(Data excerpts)
++++++++
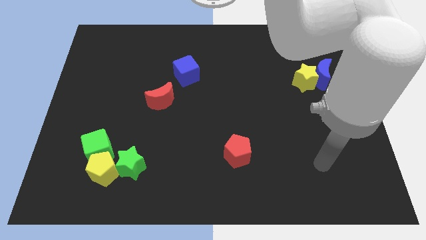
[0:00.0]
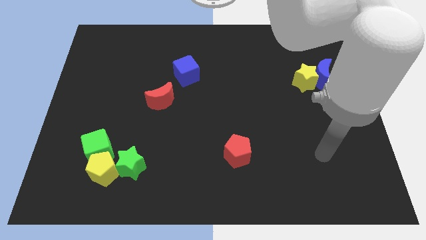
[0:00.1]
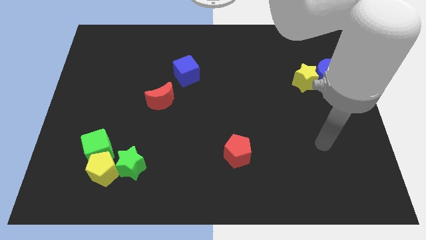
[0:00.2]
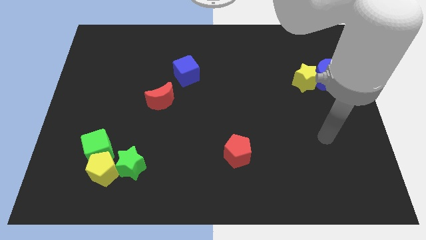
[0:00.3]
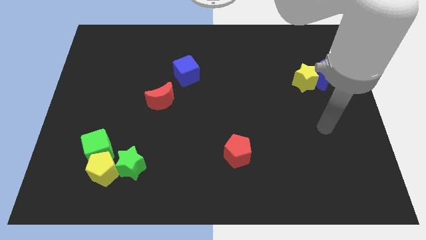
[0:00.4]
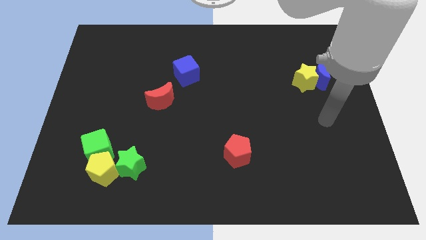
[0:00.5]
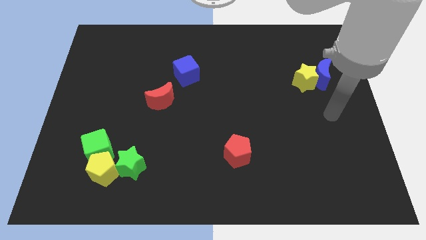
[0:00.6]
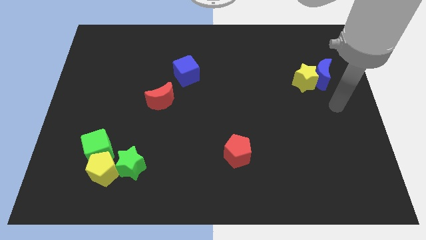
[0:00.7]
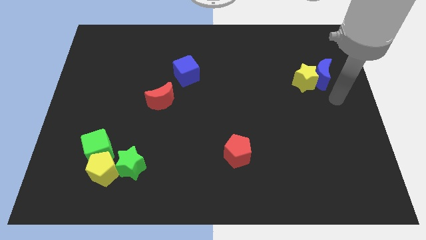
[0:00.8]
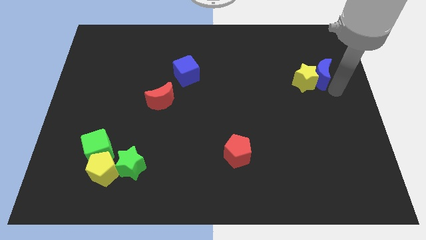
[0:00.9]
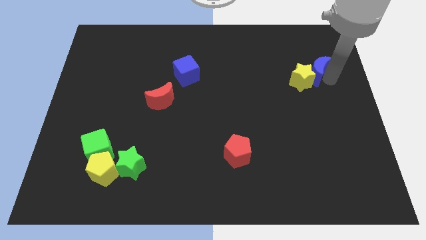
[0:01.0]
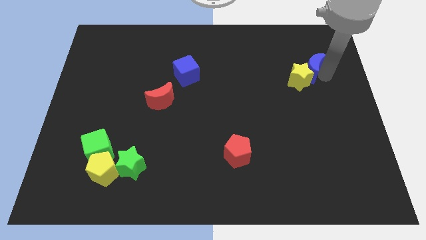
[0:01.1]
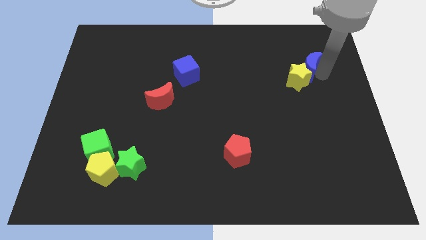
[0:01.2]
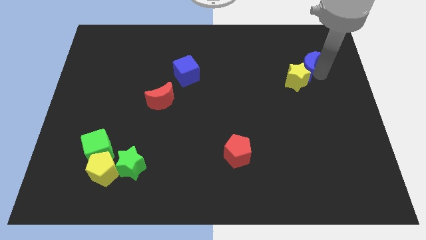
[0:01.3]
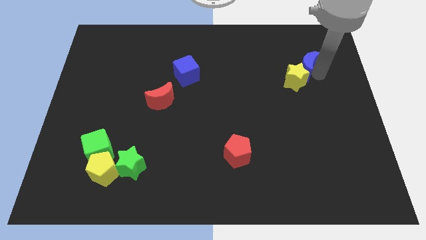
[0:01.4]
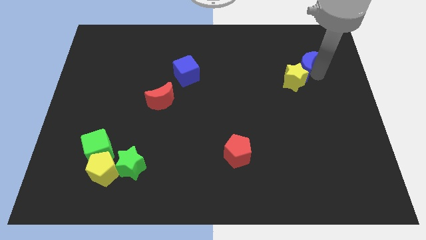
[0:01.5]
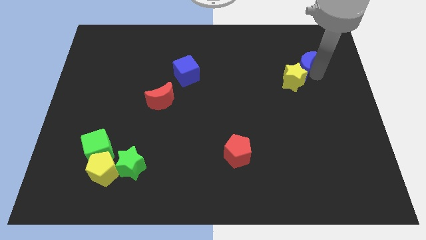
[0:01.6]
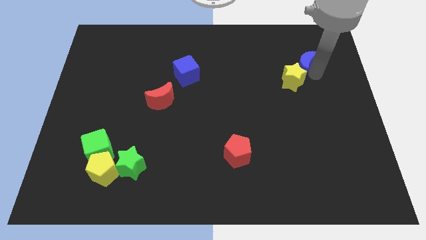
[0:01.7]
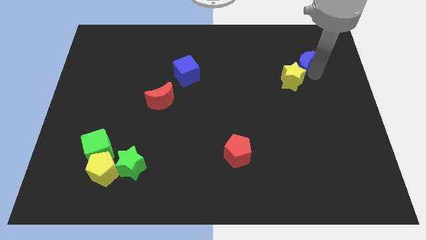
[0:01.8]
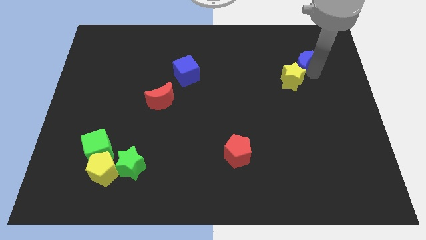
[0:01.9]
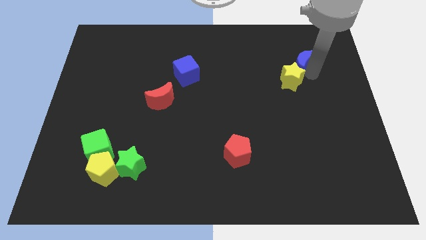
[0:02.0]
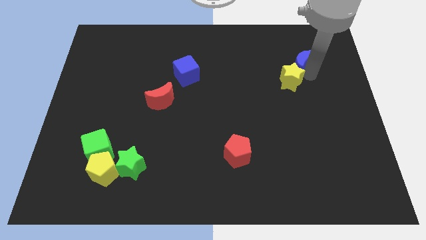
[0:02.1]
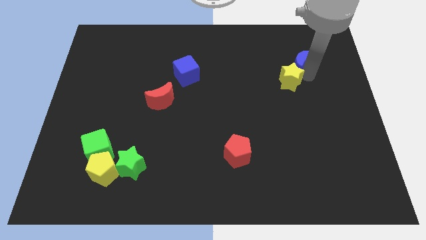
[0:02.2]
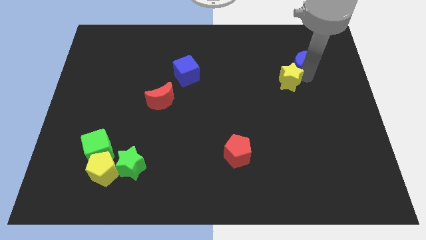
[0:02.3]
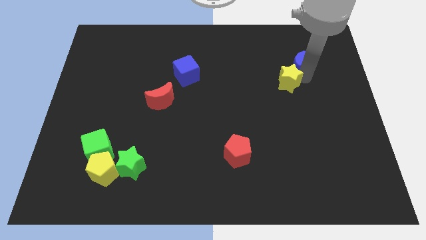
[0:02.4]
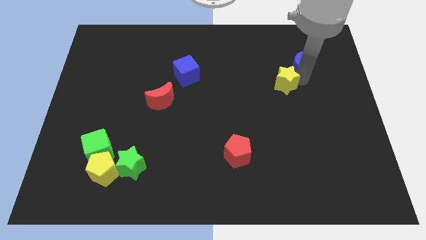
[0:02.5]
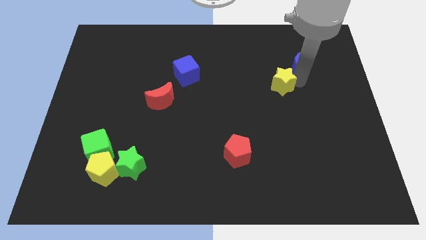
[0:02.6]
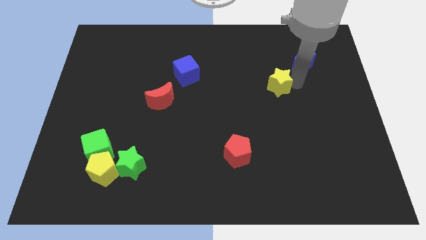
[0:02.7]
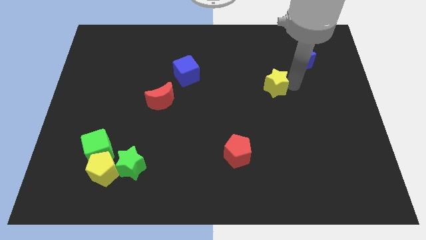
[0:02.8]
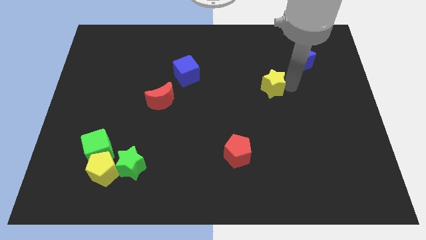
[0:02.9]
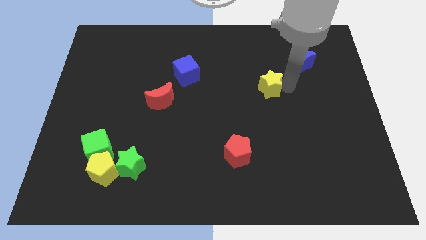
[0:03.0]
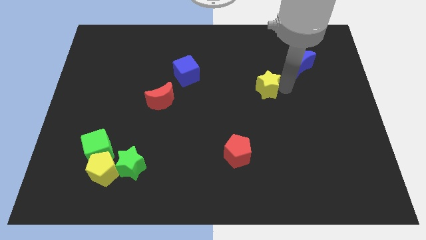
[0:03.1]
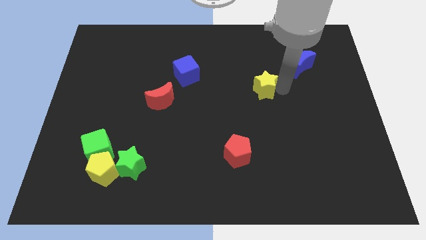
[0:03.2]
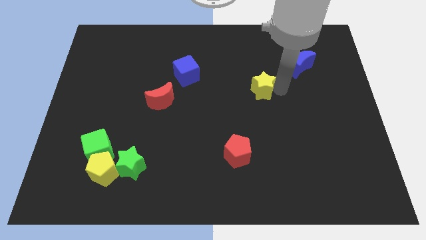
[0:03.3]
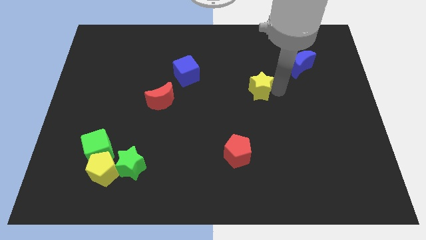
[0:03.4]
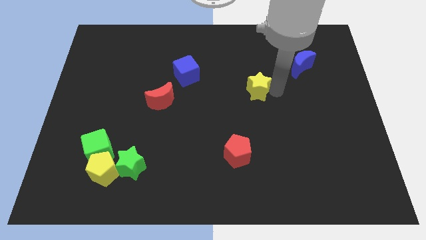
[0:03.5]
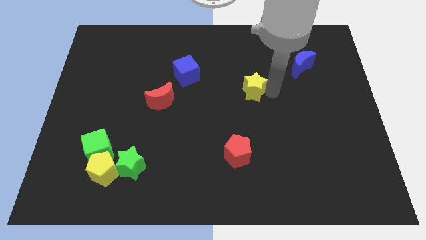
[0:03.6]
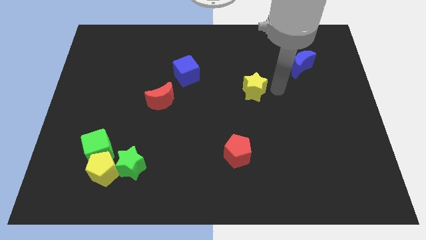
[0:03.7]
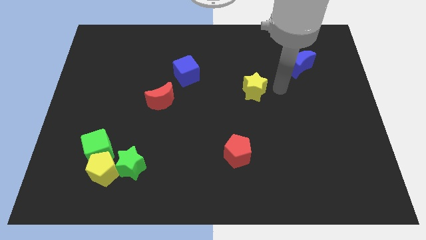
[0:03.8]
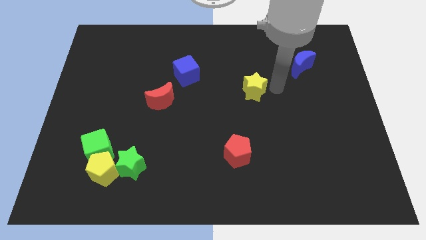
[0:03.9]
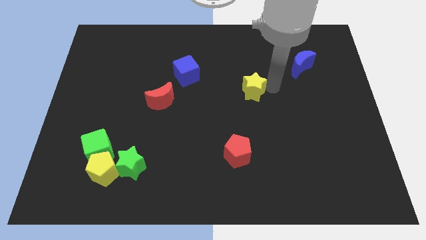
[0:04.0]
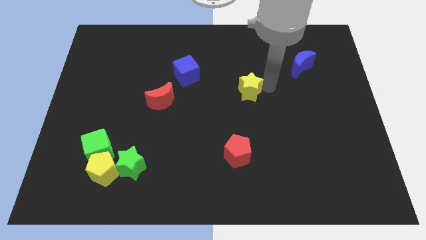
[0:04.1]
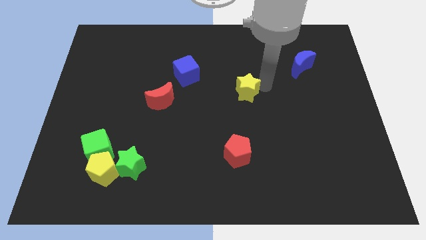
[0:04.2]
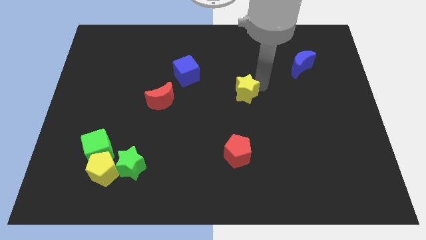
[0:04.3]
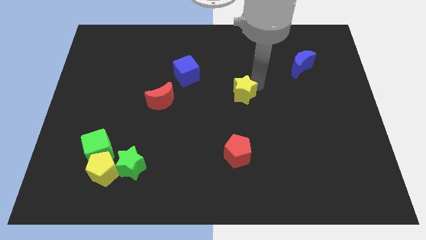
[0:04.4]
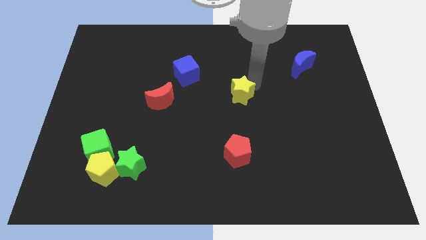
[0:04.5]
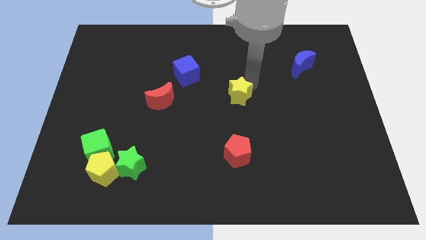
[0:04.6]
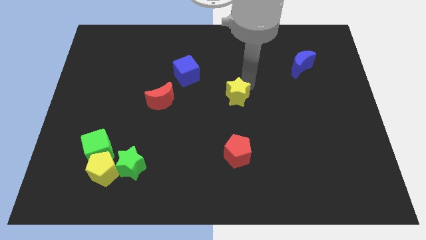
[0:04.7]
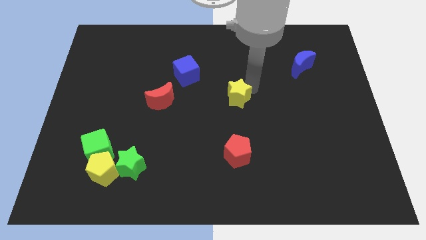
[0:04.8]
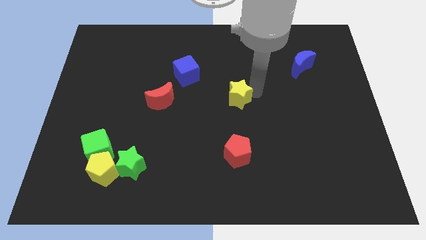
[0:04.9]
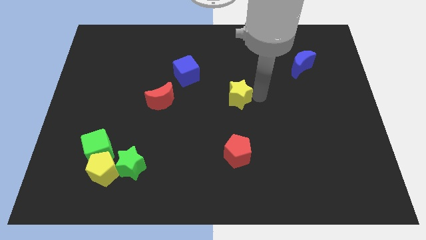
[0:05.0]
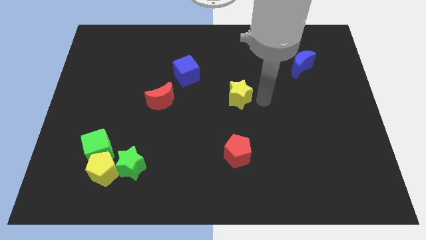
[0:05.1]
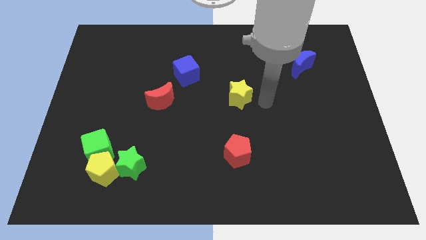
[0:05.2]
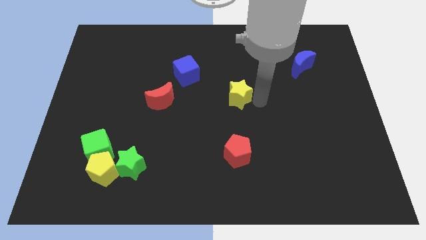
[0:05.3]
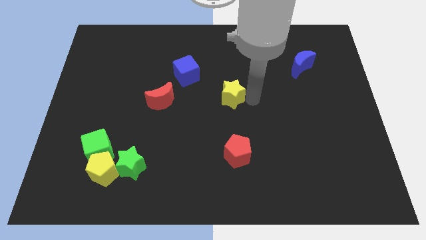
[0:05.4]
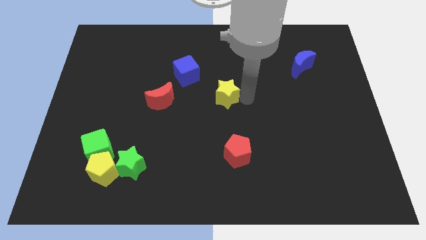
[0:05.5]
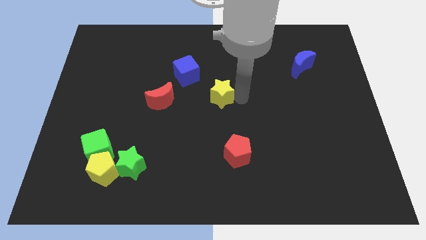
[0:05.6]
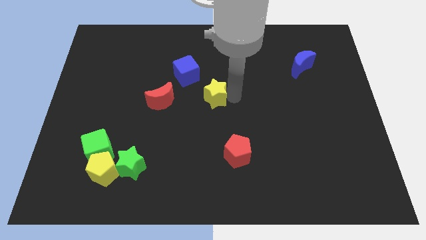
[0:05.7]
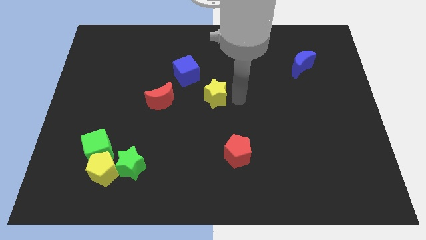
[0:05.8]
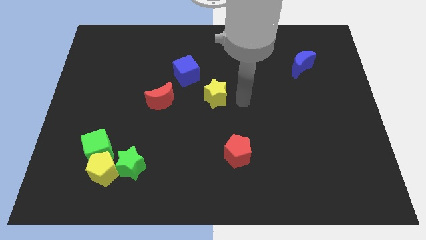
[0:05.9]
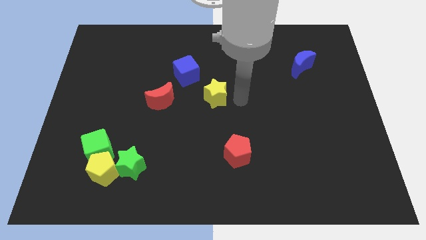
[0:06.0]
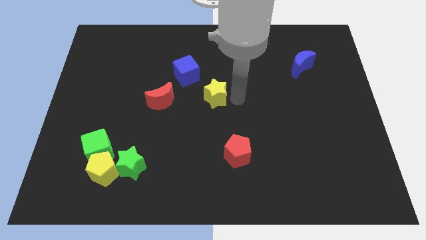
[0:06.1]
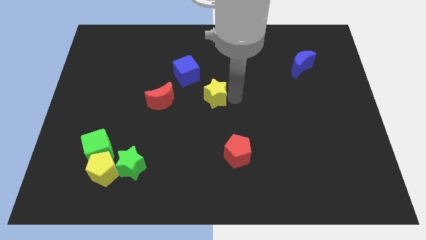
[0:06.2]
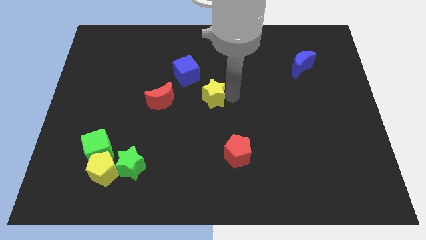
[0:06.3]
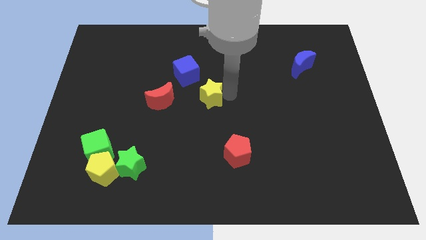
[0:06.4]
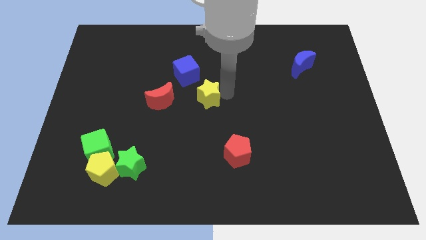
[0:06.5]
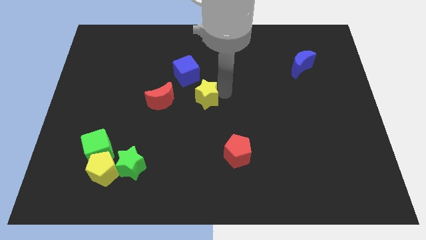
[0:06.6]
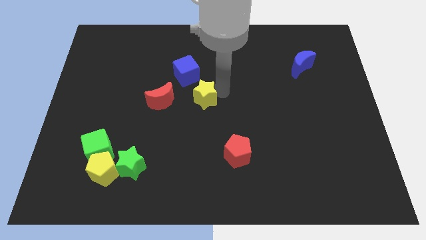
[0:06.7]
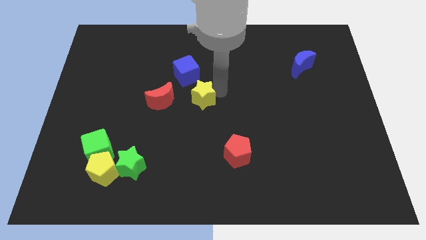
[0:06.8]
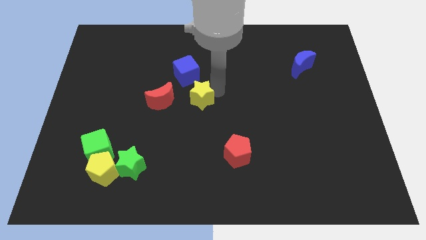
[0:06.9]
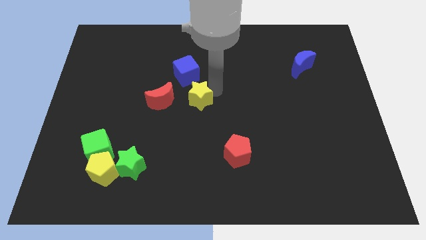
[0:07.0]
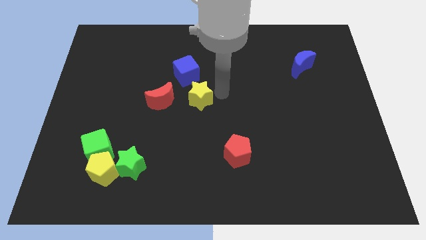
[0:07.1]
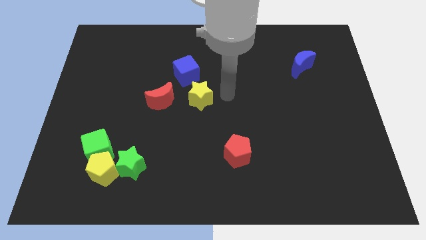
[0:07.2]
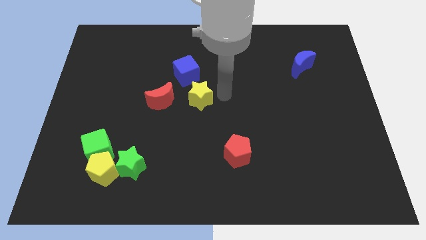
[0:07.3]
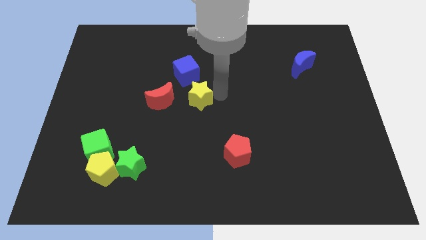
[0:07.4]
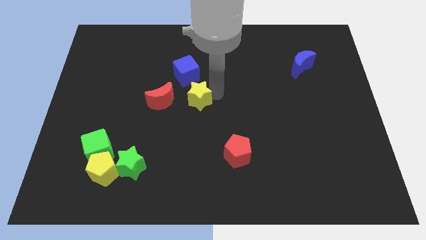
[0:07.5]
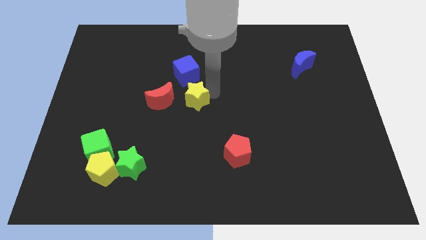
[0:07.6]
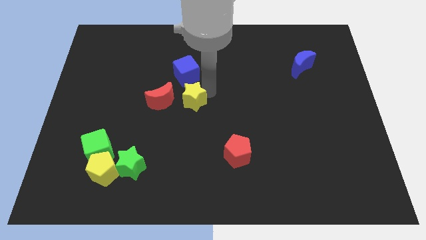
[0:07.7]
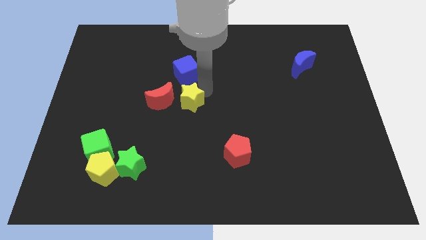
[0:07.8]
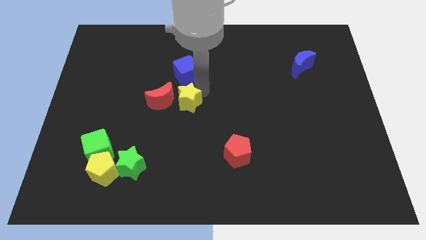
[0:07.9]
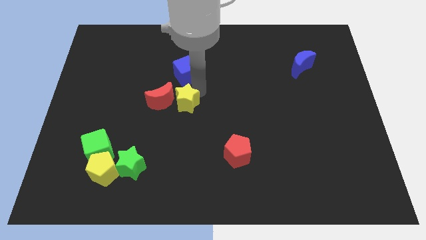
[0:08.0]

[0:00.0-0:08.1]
move the yellow star close to the red moon
++++++++
**Problem statement:** An exact copy of all entries is needed, with no pictures in it.

**Exercise output:**
[0:00.0]
[0:00.1]
[0:00.2]
[0:00.3]
[0:00.4]
[0:00.5]
[0:00.6]
[0:00.7]
[0:00.8]
[0:00.9]
[0:01.0]
[0:01.1]
[0:01.2]
[0:01.3]
[0:01.4]
[0:01.5]
[0:01.6]
[0:01.7]
[0:01.8]
[0:01.9]
[0:02.0]
[0:02.1]
[0:02.2]
[0:02.3]
[0:02.4]
[0:02.5]
[0:02.6]
[0:02.7]
[0:02.8]
[0:02.9]
[0:03.0]
[0:03.1]
[0:03.2]
[0:03.3]
[0:03.4]
[0:03.5]
[0:03.6]
[0:03.7]
[0:03.8]
[0:03.9]
[0:04.0]
[0:04.1]
[0:04.2]
[0:04.3]
[0:04.4]
[0:04.5]
[0:04.6]
[0:04.7]
[0:04.8]
[0:04.9]
[0:05.0]
[0:05.1]
[0:05.2]
[0:05.3]
[0:05.4]
[0:05.5]
[0:05.6]
[0:05.7]
[0:05.8]
[0:05.9]
[0:06.0]
[0:06.1]
[0:06.2]
[0:06.3]
[0:06.4]
[0:06.5]
[0:06.6]
[0:06.7]
[0:06.8]
[0:06.9]
[0:07.0]
[0:07.1]
[0:07.2]
[0:07.3]
[0:07.4]
[0:07.5]
[0:07.6]
[0:07.7]
[0:07.8]
[0:07.9]
[0:08.0]

[0:00.0-0:08.1]
move the yellow star close to the red moon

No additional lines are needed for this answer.